Виктория покачала головой, понимая, что стоит ей вспомнить об этих умениях, так уж и не важно будет, собственность она барда, али нет – возьмут в рабство как миленькую. Поэтому девушка снова покачала головой с самым разочарованным видом:
– Не, ну ты, человек хороший, прямо таки жену себе хочешь! Но какая из меня жена? Такого я не умею... На лошади скакать – умею. Петь – умею. Бегать – умею. Танцевать умею. Читать и писать даже маленько... А вот готовить... разве что отрава какая получится, ты уж извини... – Виктория развела руками и с самым невинным видом пожала плечами, словно огорченная тем, что не умеет таких обычных женских вещей.
– Хи-хи-хи! Ха-ха-ха! – мерзко захохотал человечек и даже запрыгал от восторга, настолько пришедшая в голову мысль ему понравилась, – Вот у меня есть пять старых кафтанчиков! Ты их будешь шить и стирать! Вот! До тех пор, пока мне твоя работа не понравится! Понравится – отпущу, не понравится – не отпущу. Сбежишь – вернёшься, назад не выйдешь. Хи-хи-хи!
Бард, стоящий в полупоклоне, с трудом сдерживал смех. Смеяться было нельзя, Рассердить лесного владыку не хотелось. Но уж больно препотешным, судя по всему, выглядел лесной хозяин и его ультиматум в глазах человека по имени Грегори.
Зато девушке точно было не до смеха. Она была возмущена столь наглым заявлением, не имеющим под собой, на её взгляд, никаких оснований.
– А почему это я должна шить и стирать тебе? – нахмурившись, Виктория повысила голос, – шла себе по лесу, никого не трогала, и тут на тебе – шить и стирать давай? Понравится – не понравится? Я тебе не служанка! Если ты бандит – грабь давай, это я понимаю, а вот так...
Нервно дернув за узду в порыве чувств, Вики сделала больно коню и тот недовольно заржал, попятившись, но девушка не обратила на это внимания, продолжая свой монолог.

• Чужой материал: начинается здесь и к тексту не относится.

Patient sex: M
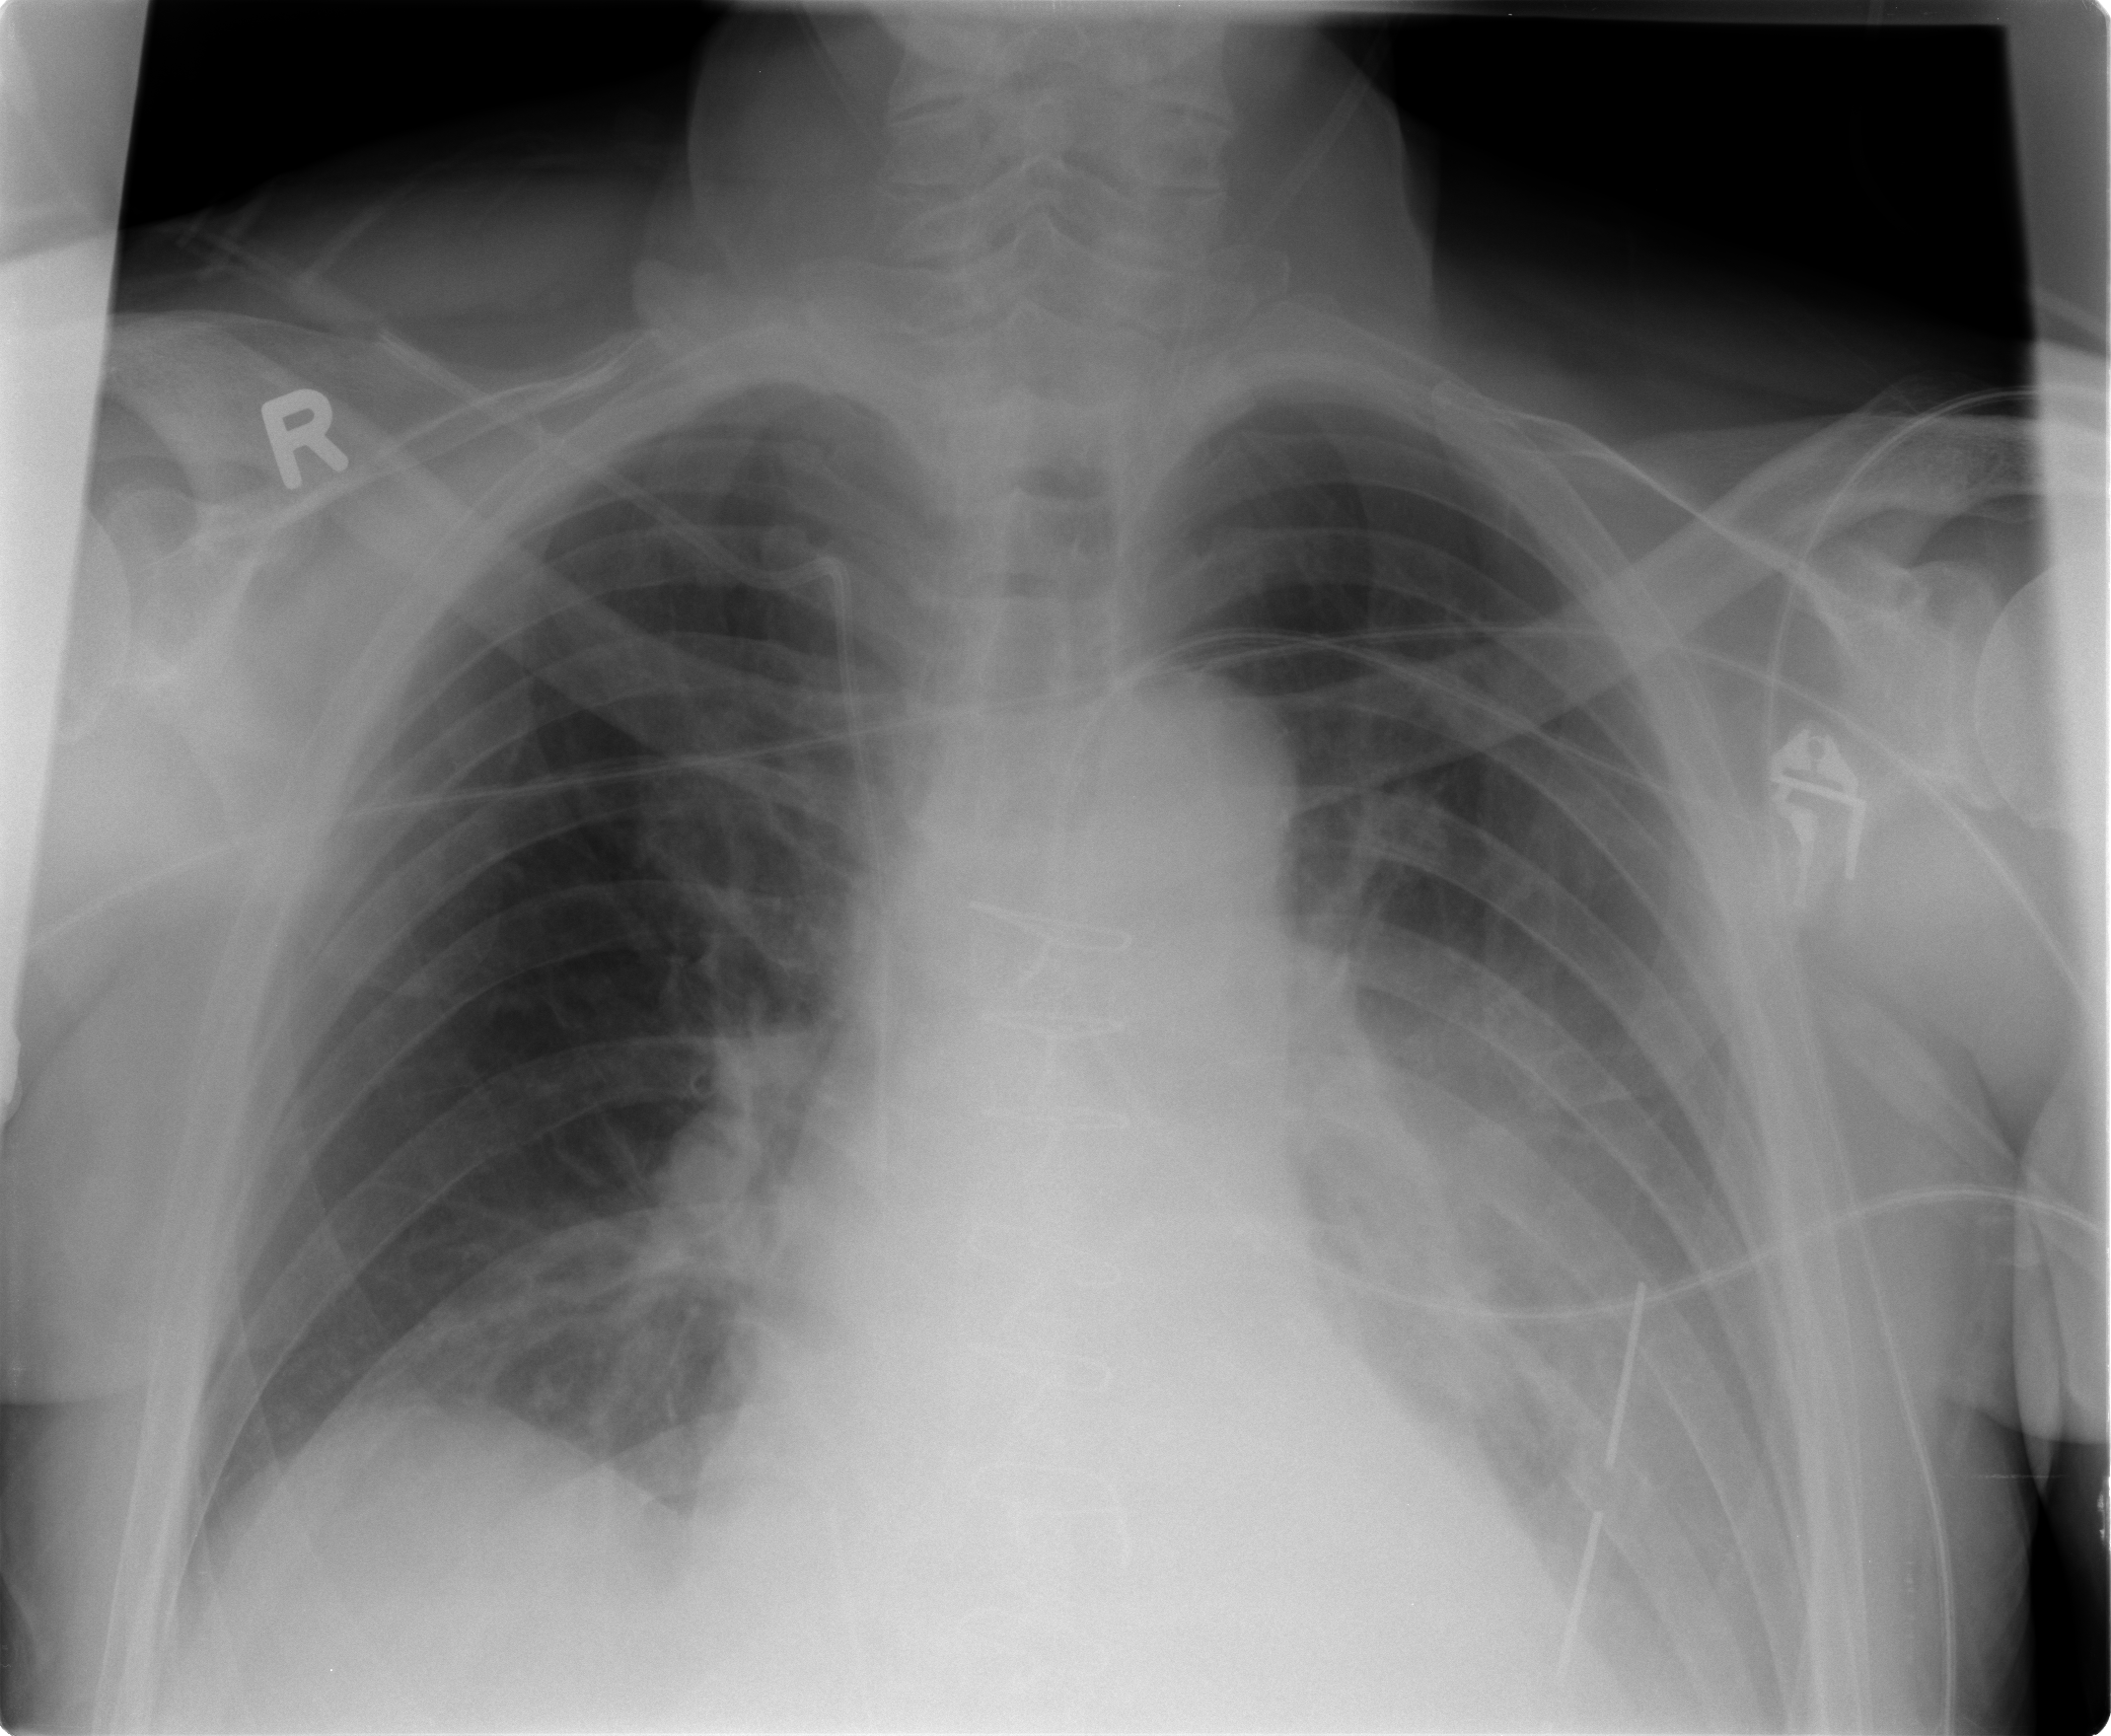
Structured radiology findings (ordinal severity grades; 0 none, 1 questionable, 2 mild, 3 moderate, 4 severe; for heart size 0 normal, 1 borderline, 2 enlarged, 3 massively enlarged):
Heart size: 2
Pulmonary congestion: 0
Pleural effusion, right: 0
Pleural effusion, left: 2
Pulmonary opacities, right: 0
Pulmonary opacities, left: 0
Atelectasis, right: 0
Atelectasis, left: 2

– А вот так ты не хозяин леса получаешься, а попрошайка! Некому тебе шить и стирать, бедненькому, вынужден на дороге прохожих ловить и в рабство загонять! Нищие на паперти хоть честно руку протягивают. а ты тут хозяина положения корчишь, да? А вот не верю, что ты хозяин! Если ко мне кто-то в гости приходит – я их угощаю – о новостях спрашиваю, а не работать заставляю... Эх, ты...
Сделав пару шагов к Живчику, она погладила его морду, успокаивая:
– Тише, тише... Прости... Просто этот бродяга меня из себя вывел...
Отвернувшись от карлика, Виктория поглаживала коня, и только прикушенная чуть не до крови губа выдавала её волнение.
Выражение на лице барда из смешливого превратилось в страдальческое. Казалось, всё, от бровей и до кончика носа на его лице говорило, – «Что же ты делаешь, дурёха? Нельзя же так! Делай, как я!». Но было уже поздно. Лесной хозяин, кем бы он не являлся, терпеть дерзкие речи, конечно мог, но кто станет в доме грубить хозяину, кто? Лишь тот, кто не ценит гостеприимства и не уважает хозяина, кто враг, а не гость, будет вести дерзкие речи.